Cecil J. Nick, BSc (Hons)

Vice President (Technical)
Parexel
Ashtead, Surrey, England, United Kingdom

Cecil Nick, Vice President (Technical), at PAREXEL Consulting has been working in regulatory affairs and clinical development for over 30 years. He has particular interest in application of RWE and expertise in orphan drugs, vaccines, anti-infectives, diabetes, monoclonals and biosimilars and has engaged in scores of interactions and meetings with regulatory agencies in the EU, US, Canada, Australia, Mexico and Brazil. He has also participated extensively in Industry and International meetings on clinical development and biosimilars.

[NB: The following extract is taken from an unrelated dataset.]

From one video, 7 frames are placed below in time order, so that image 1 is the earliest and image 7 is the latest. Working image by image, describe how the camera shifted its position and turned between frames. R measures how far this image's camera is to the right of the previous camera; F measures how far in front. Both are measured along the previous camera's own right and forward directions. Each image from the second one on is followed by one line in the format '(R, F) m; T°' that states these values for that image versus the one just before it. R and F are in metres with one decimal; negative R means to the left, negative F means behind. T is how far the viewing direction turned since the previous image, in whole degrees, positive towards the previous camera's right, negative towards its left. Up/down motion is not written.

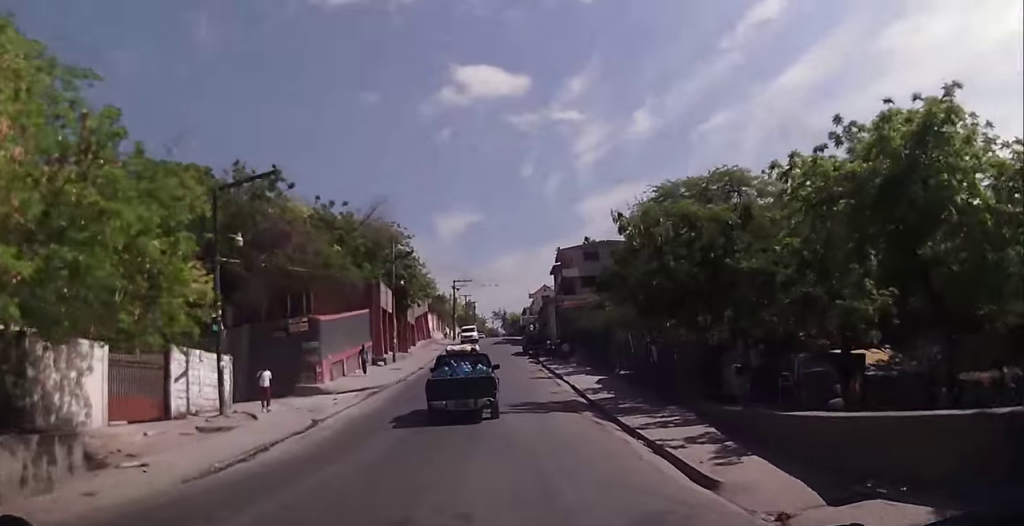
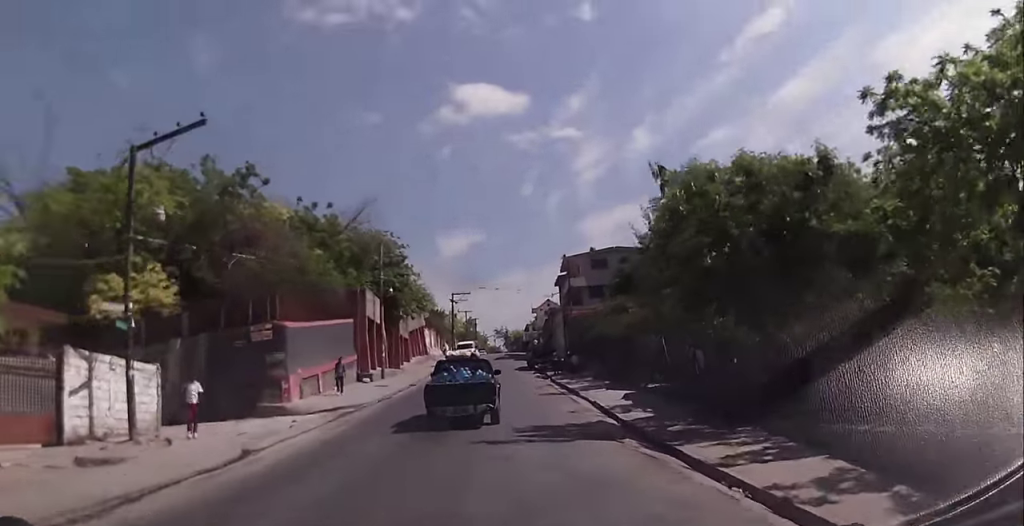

Since joining PAREXEL in February 2001 Cecil has applied his extensive scientific, drug development and regulatory experience working with pharmacologists, statisticians and therapeutic experts in supporting clients with clinical development plans and regulatory strategies for EU, US and global approval.

Cecil is a Fellow of TOPRA and has been a guest lecture at Cardiff University MSc in Clinical Research and Greenwich University MSc in Pharmaceutical Sciences courses and Biotech Module leader for the TOPRA MSc course. He was on the editorial panel of SCRIP Clinical Research and has authored many articles on regulatory and clinical development issues.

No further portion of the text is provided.